**WHAT THIS TASK INVOLVES:** With all images left out, restate the records below exactly as written.

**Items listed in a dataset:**

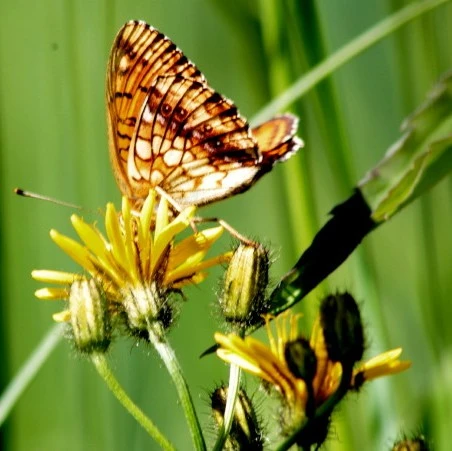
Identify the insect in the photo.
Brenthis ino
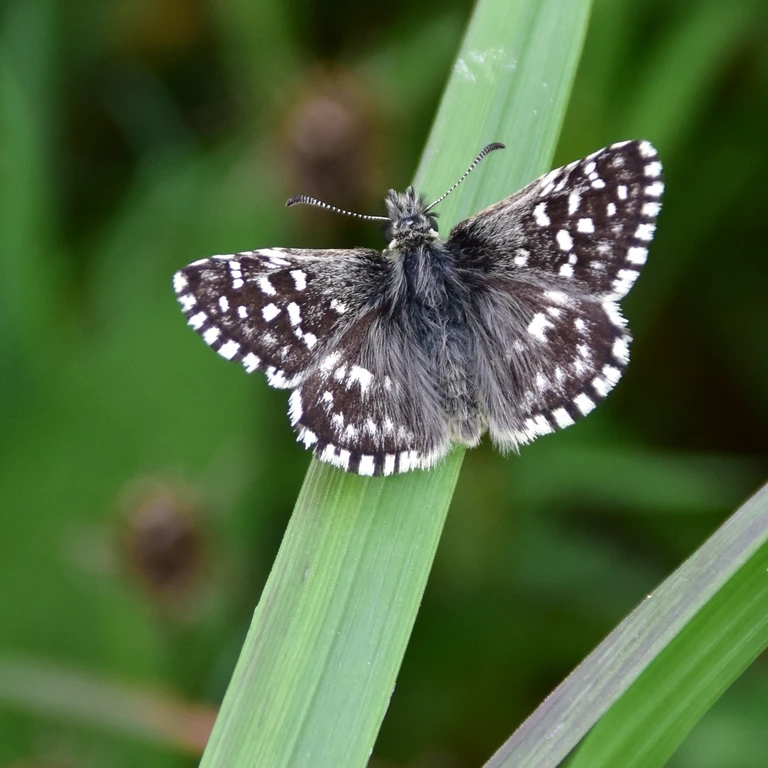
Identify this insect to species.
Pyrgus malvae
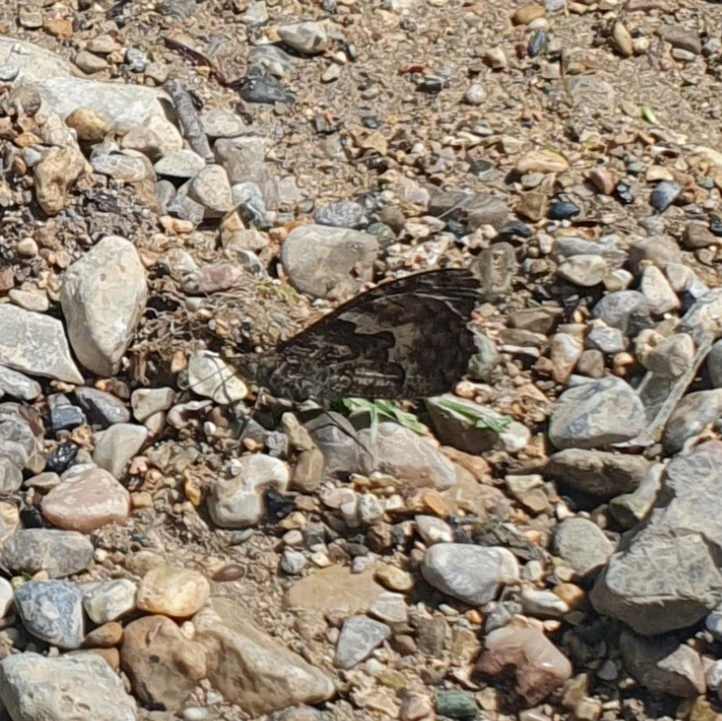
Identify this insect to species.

**ANSWER FOR THE TASK:**
Identify the insect in the photo.
Brenthis ino
Identify this insect to species.
Pyrgus malvae
Identify this insect to species.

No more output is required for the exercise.